** DATA FOR PROCESSING follows **
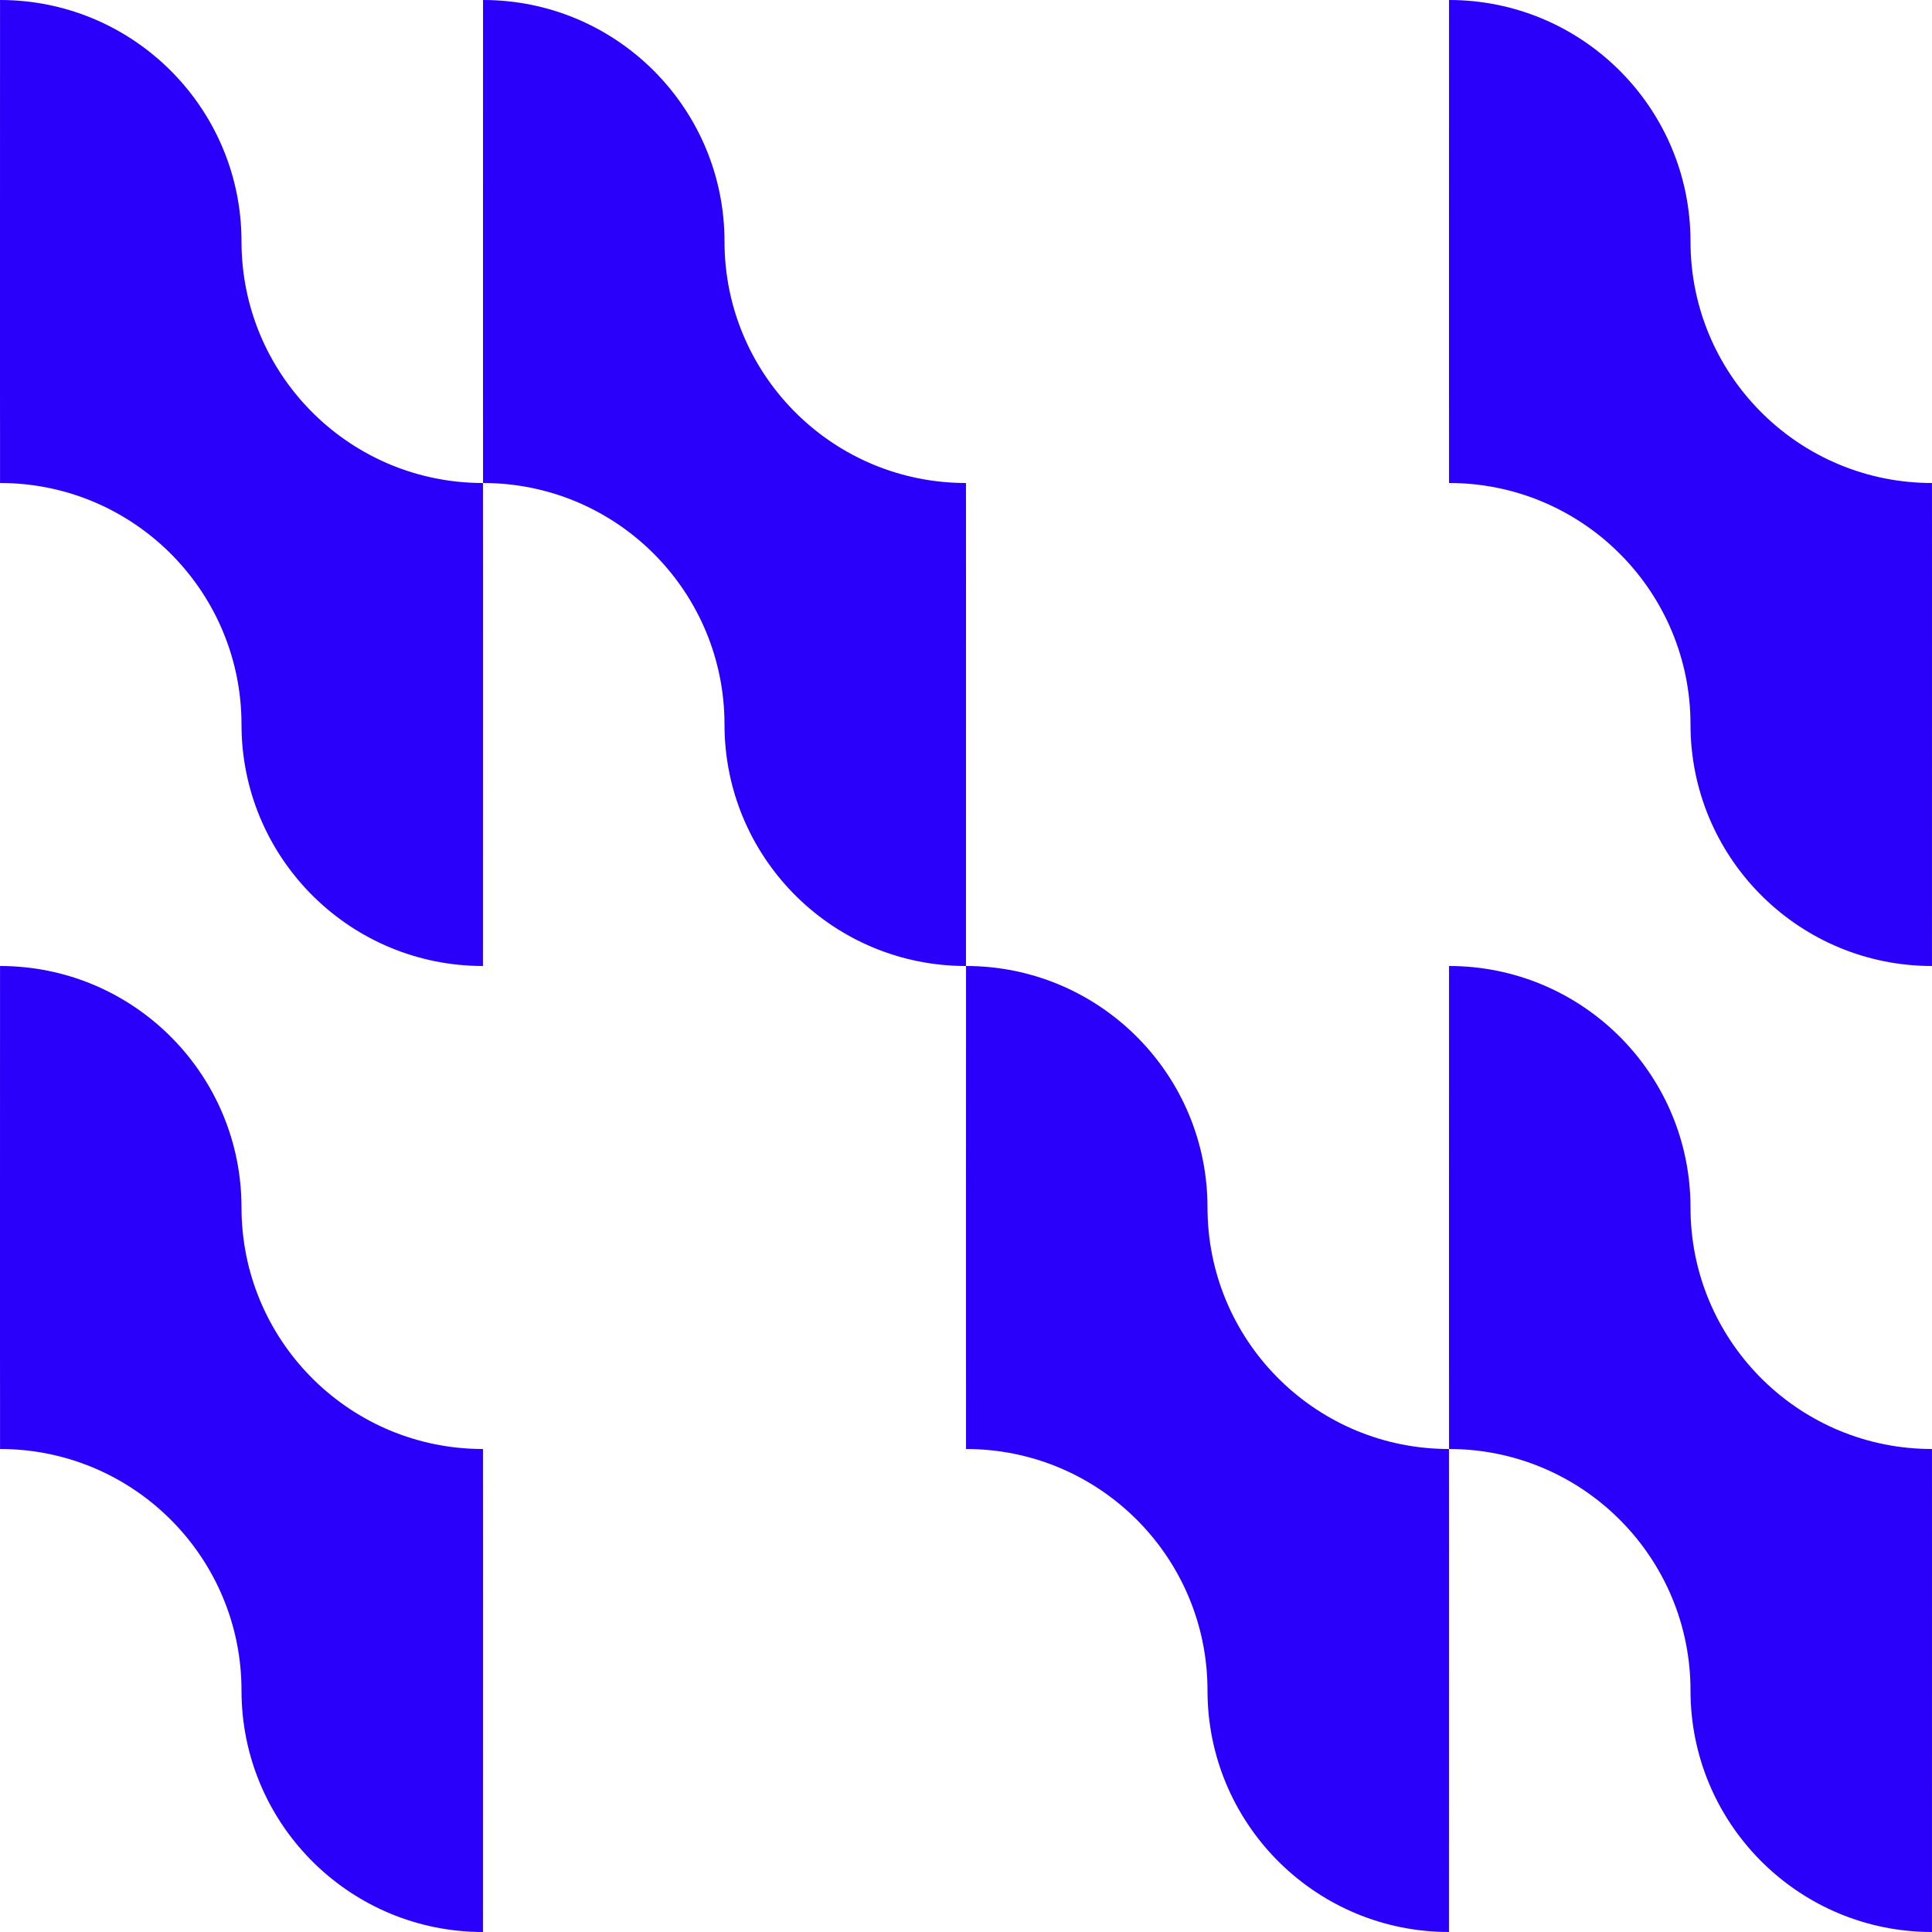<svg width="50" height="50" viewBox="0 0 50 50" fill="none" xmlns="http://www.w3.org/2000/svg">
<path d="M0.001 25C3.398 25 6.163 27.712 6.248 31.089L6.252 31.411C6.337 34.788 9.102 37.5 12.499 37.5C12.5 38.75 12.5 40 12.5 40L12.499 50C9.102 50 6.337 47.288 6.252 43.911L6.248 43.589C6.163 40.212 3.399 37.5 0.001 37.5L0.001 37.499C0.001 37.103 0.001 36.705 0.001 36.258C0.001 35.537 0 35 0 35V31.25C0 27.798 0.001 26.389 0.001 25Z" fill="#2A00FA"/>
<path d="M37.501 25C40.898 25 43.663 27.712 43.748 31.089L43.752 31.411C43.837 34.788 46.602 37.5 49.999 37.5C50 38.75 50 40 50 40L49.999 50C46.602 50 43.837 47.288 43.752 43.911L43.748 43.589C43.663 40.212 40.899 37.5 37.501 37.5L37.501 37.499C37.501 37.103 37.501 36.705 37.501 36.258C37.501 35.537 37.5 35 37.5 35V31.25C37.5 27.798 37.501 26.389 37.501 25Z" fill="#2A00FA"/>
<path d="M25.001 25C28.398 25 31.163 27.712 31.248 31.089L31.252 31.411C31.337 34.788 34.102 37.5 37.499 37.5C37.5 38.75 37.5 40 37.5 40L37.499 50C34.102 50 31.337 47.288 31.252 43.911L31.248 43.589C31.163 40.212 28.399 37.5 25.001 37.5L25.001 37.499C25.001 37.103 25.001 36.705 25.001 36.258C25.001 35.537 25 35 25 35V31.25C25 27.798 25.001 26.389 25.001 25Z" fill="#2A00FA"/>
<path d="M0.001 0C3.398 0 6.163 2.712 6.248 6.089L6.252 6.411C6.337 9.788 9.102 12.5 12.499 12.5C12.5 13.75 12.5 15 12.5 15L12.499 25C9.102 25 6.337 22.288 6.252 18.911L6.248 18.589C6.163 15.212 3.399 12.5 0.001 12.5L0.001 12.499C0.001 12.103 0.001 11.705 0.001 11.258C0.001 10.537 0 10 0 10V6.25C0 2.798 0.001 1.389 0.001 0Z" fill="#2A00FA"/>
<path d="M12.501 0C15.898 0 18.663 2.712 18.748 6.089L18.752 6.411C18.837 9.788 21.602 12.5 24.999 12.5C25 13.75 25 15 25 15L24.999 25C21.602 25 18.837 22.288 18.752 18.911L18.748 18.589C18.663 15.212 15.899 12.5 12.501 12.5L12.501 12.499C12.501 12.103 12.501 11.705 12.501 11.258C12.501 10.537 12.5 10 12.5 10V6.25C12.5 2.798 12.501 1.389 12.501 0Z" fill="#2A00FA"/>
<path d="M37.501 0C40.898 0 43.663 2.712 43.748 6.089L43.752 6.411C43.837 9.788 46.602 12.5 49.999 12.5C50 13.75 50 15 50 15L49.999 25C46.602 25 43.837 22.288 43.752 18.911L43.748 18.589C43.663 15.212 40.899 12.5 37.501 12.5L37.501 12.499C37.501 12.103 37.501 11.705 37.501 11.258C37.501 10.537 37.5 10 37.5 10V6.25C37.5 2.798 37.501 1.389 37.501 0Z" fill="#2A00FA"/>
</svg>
** End of DATA FOR PROCESSING **
TASK STATEMENT ▸ Return only the lines running from the line with "25C28.398 25 31.163" to the last line of the records, both included, exactly as written.

EXERCISE OUTPUT ▸
<path d="M25.001 25C28.398 25 31.163 27.712 31.248 31.089L31.252 31.411C31.337 34.788 34.102 37.5 37.499 37.5C37.5 38.75 37.5 40 37.5 40L37.499 50C34.102 50 31.337 47.288 31.252 43.911L31.248 43.589C31.163 40.212 28.399 37.5 25.001 37.5L25.001 37.499C25.001 37.103 25.001 36.705 25.001 36.258C25.001 35.537 25 35 25 35V31.25C25 27.798 25.001 26.389 25.001 25Z" fill="#2A00FA"/>
<path d="M0.001 0C3.398 0 6.163 2.712 6.248 6.089L6.252 6.411C6.337 9.788 9.102 12.5 12.499 12.5C12.5 13.75 12.5 15 12.5 15L12.499 25C9.102 25 6.337 22.288 6.252 18.911L6.248 18.589C6.163 15.212 3.399 12.5 0.001 12.5L0.001 12.499C0.001 12.103 0.001 11.705 0.001 11.258C0.001 10.537 0 10 0 10V6.25C0 2.798 0.001 1.389 0.001 0Z" fill="#2A00FA"/>
<path d="M12.501 0C15.898 0 18.663 2.712 18.748 6.089L18.752 6.411C18.837 9.788 21.602 12.5 24.999 12.5C25 13.75 25 15 25 15L24.999 25C21.602 25 18.837 22.288 18.752 18.911L18.748 18.589C18.663 15.212 15.899 12.5 12.501 12.5L12.501 12.499C12.501 12.103 12.501 11.705 12.501 11.258C12.501 10.537 12.5 10 12.5 10V6.25C12.5 2.798 12.501 1.389 12.501 0Z" fill="#2A00FA"/>
<path d="M37.501 0C40.898 0 43.663 2.712 43.748 6.089L43.752 6.411C43.837 9.788 46.602 12.5 49.999 12.5C50 13.75 50 15 50 15L49.999 25C46.602 25 43.837 22.288 43.752 18.911L43.748 18.589C43.663 15.212 40.899 12.5 37.501 12.5L37.501 12.499C37.501 12.103 37.501 11.705 37.501 11.258C37.501 10.537 37.5 10 37.5 10V6.25C37.5 2.798 37.501 1.389 37.501 0Z" fill="#2A00FA"/>
</svg>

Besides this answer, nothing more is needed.